ConsistentEE: A Consistent and Hardness-Guided Early Exiting Method for Accelerating Language Models Inference
Ziqian Zeng*, Yihuai Hong*, Huiping Zhuang, Cen Chen, HongLiang Dai
AAAI 2024 Main Track
- We propose an early exiting method that can achieve consistency during training and inference by formulating the early exiting problem as a reinforcement learning problem.
- We propose a concept named Memorized Layer to measure the hardness of an instance. We incorporate it into the reward function to allow an instance to balance the accuracy and acceleration depending on individual hardness.
- The experimental results show that our method can outperform other baselines on natural language understanding and generation tasks.
📖 Educations
- 2020.09 - 2024.06, Bachelor of Engineering, School of Computer Science and Engineering, South China University of Technology
💻 Internships
- 2024.07 - present, Research Intern in University of Toronto, Supervisor: Prof. Zhijin Jin, Canada(Remote).
- 2024.09 - present, Research Intern in Alibaba DAMO Academy, Supervisor: Dr. Lidong Bing and Dr. Wenxuan Zhang, Hangzhou, China.
- 2024.02 - 2024.08, Research Intern in Tel Aviv University, Supervisor: Prof. Mor Geva, Israel(Remote).
- 2023.11 - 2024.02, Research Intern in China International Digital Economy Academy, Supervisor: Prof. Haiqin Yang, Shenzhen, China.
- 2023.06 - 2023.12, Research Intern in UCL AI Centre & Web Intelligence Group, Supervisor: Prof. Aldo Lipani, United Kingdom.
- 2022.06 - 2023.08, Research Intern in South China University of Technology, Supervisor: Prof. Ziqian Zeng, Guangzhou, China.
🎖 Honors and Awards
- 2023.12 AAAI-24 Student Scholarship
- 2023.11 Top Ten Excellent Students Nomination Award of South China University of Technology
- 2023.09 China National Scholarship (top 0.1%)

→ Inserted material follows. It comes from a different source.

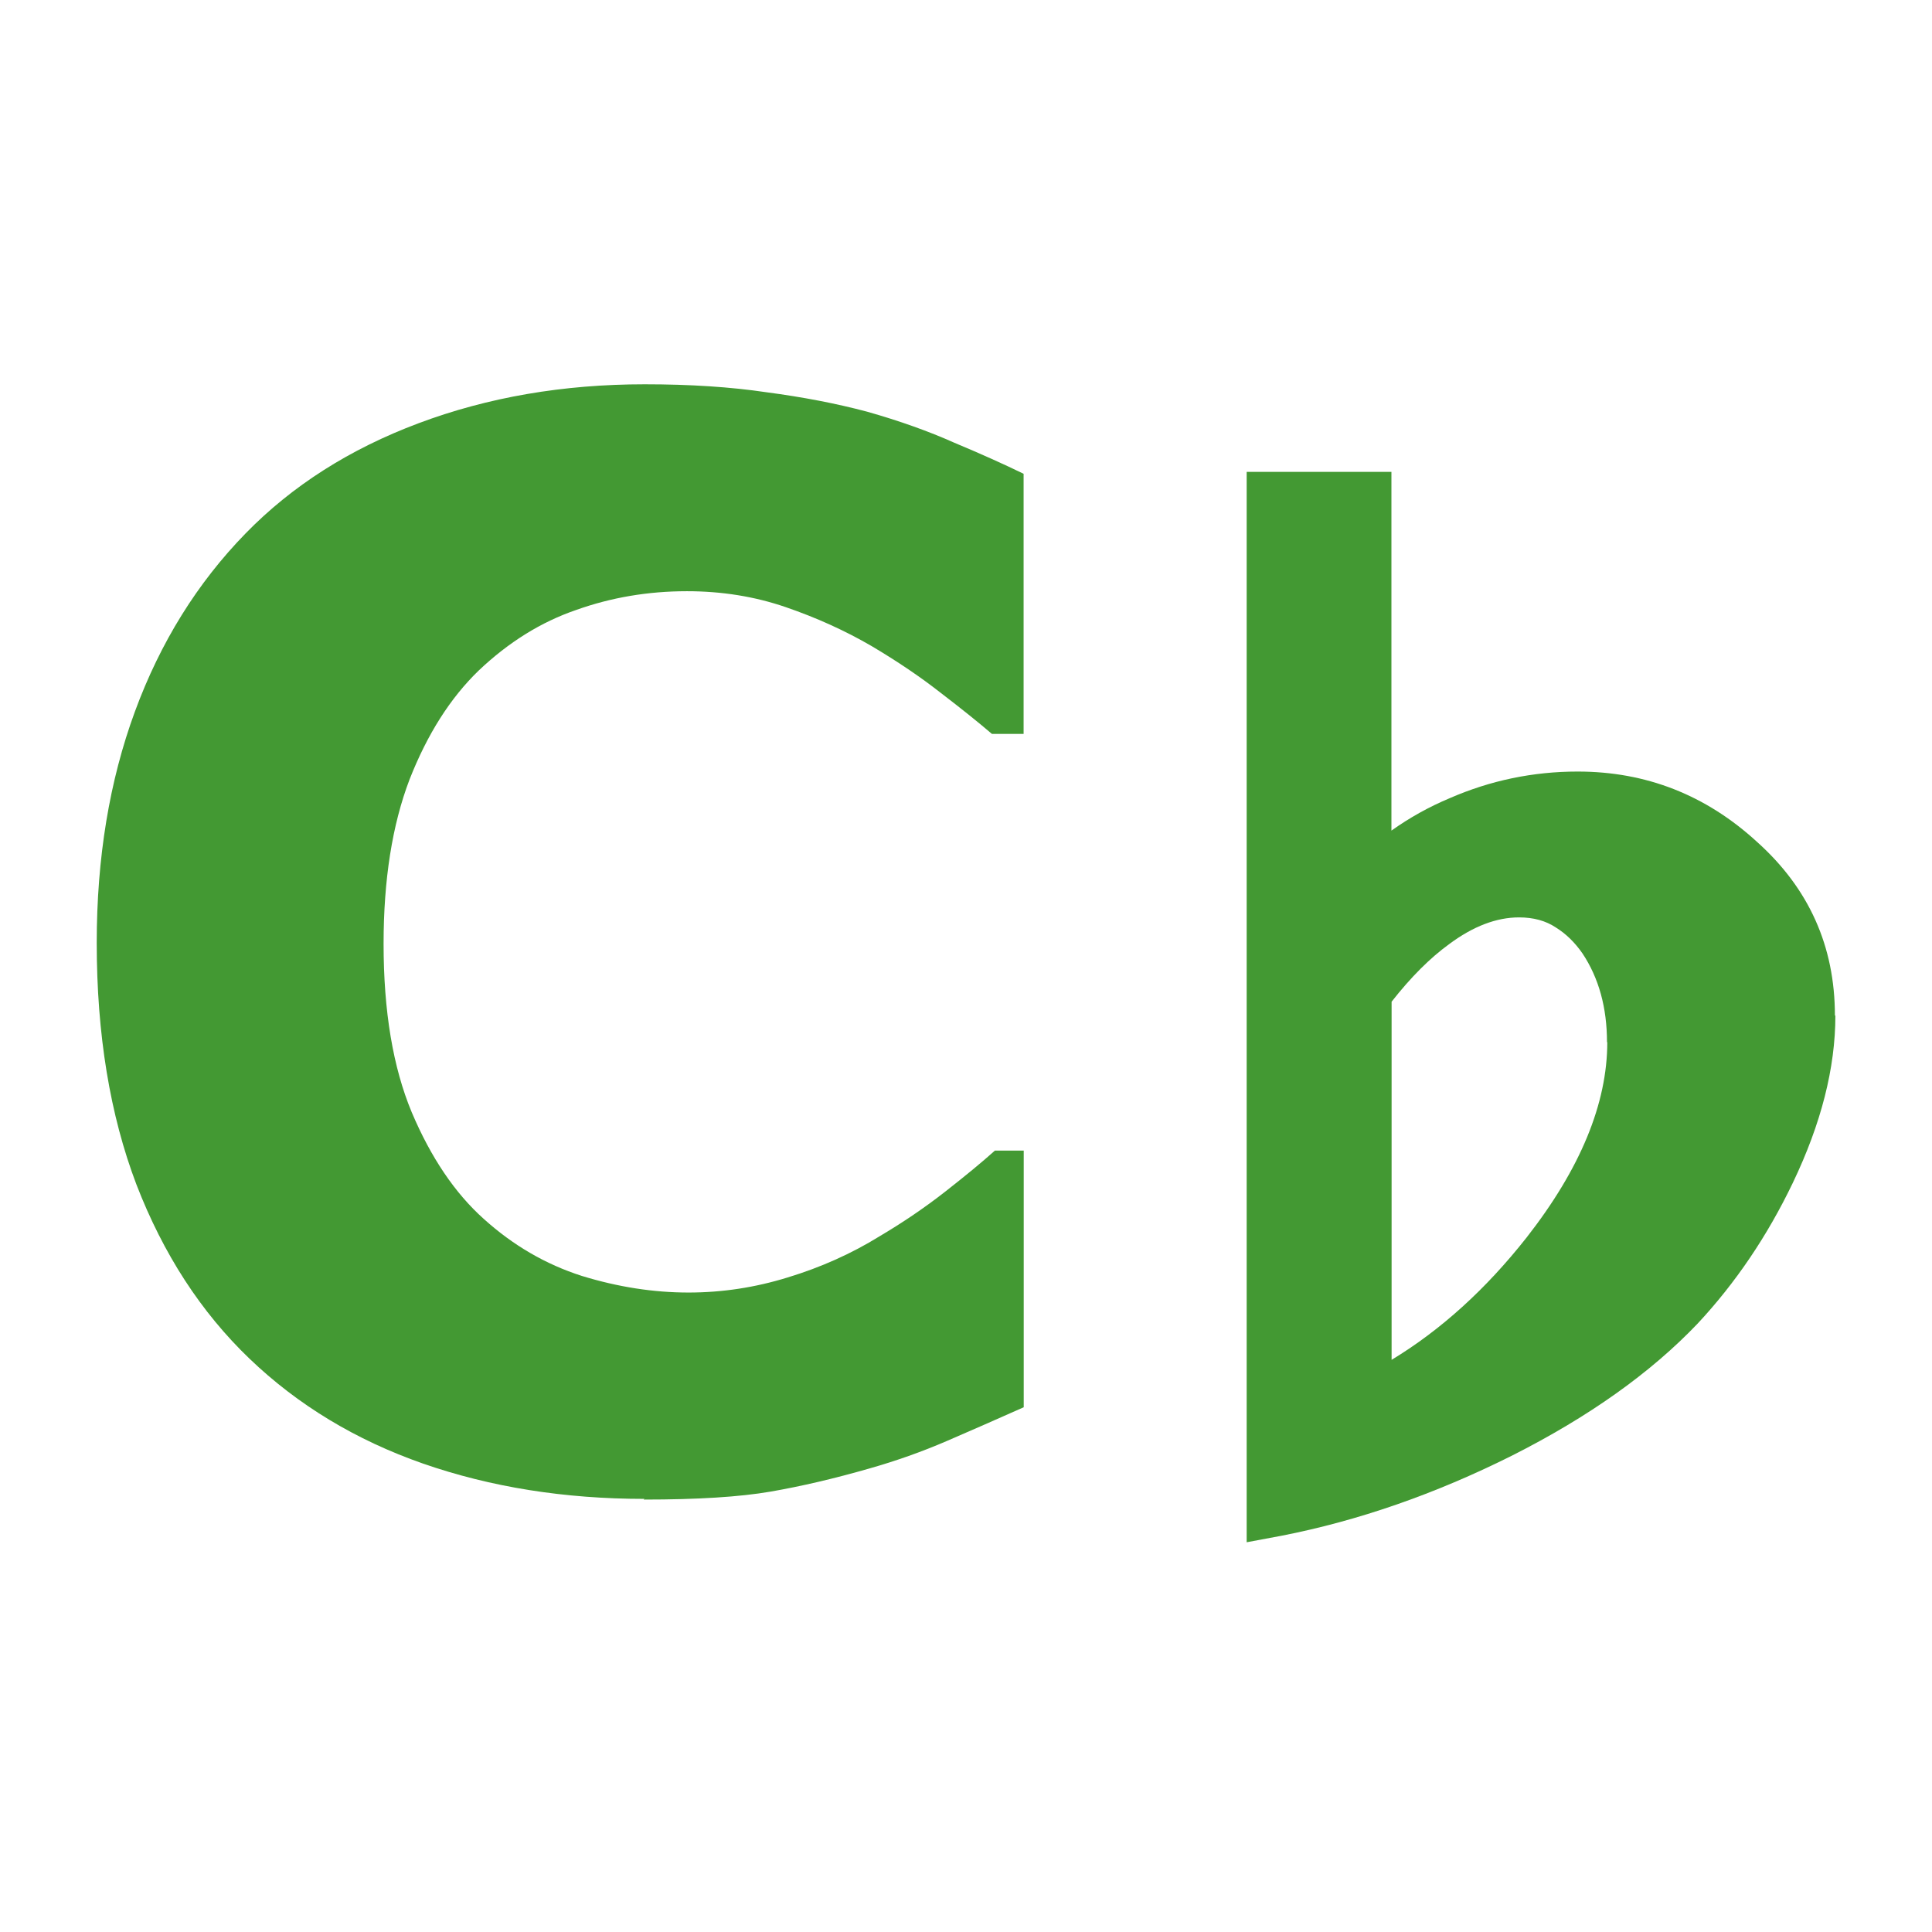 <?xml version="1.0" encoding="UTF-8"?>
<svg width="2e3" height="2e3" version="1.1" viewBox="0 0 2e4 2e4" xmlns="http://www.w3.org/2000/svg"><title>C♭ emblem</title><g transform="matrix(5.97 0 0 5.97 -28617 -41121)" fill="#439933" stop-color="#000000" stroke-dashoffset="150" stroke-linejoin="bevel" stroke-width="1029" style="paint-order:markers stroke fill" aria-label="C♭"><path d="m5911 9487q-208 0-384-61.2-175-61.2-301-182t-196-302q-68.8-181-68.8-419 0-221 66.2-401t192-309q121-124 300-191 180-67.5 392-67.5 118 0 211 13.8 95 12.5 175 33.8 83.8 23.8 151 53.8 68.8 28.8 120 53.8v451h-55q-35-30-88.8-71.2-52.5-41.2-120-81.2-68.8-40-149-67.5t-171-27.5q-101 0-192 32.5-91.2 31.2-169 105-73.8 71.2-120 189-45 118-45 285 0 175 48.8 292 50 118 125 185 76.2 68.8 170 98.8 93.8 28.8 185 28.8 87.5 0 172-26.2 86.2-26.2 159-71.2 61.2-36.2 114-77.5t86.2-71.2h50v445q-70 31.2-134 58.8t-134 47.5q-91.2 26.2-171 40t-220 13.8z"/><path d="m7976 8649q0 136-73.8 290-66.2 138-165 244-122 128-322 229-200 100-400 139l-60 11.2v-1856h251v622q47.5-33.8 101-56.2 106-46.2 222-46.2 178 0 311 122 135 121 135 301zm-396 46.2q0-90-42.5-154-20-28.8-46.2-45-26.2-17.5-63.8-17.5-58.8 0-121 46.2-50 36.2-100 100v621q128-77.5 234-212 140-179 140-339z"/></g></svg>

- 2023.05 Meritorious Winner of The Mathematical Contest in Modeling (MCM)
- 2021.07 Kaggle Silver medal (Top 5%) - CommonLit Readability Prize: Rate the complexity of literary passages for grades 3-12 classroom use Kaggle
- 2022.03 Kaggle Bronze medal (Top 6%) - Evaluating Student Writing: Analyze argumentative writing elements from students grades 6-12
🙋♂️ Academic Services
- Program Committee: ICLR (2025), AAAI (2024), ACL ARR (Feb. 2024 - June. 2024)
📚 Patents
- 2022.09 Self-supervised pre-training method, system and medium for Chinese Pinyin spelling correction.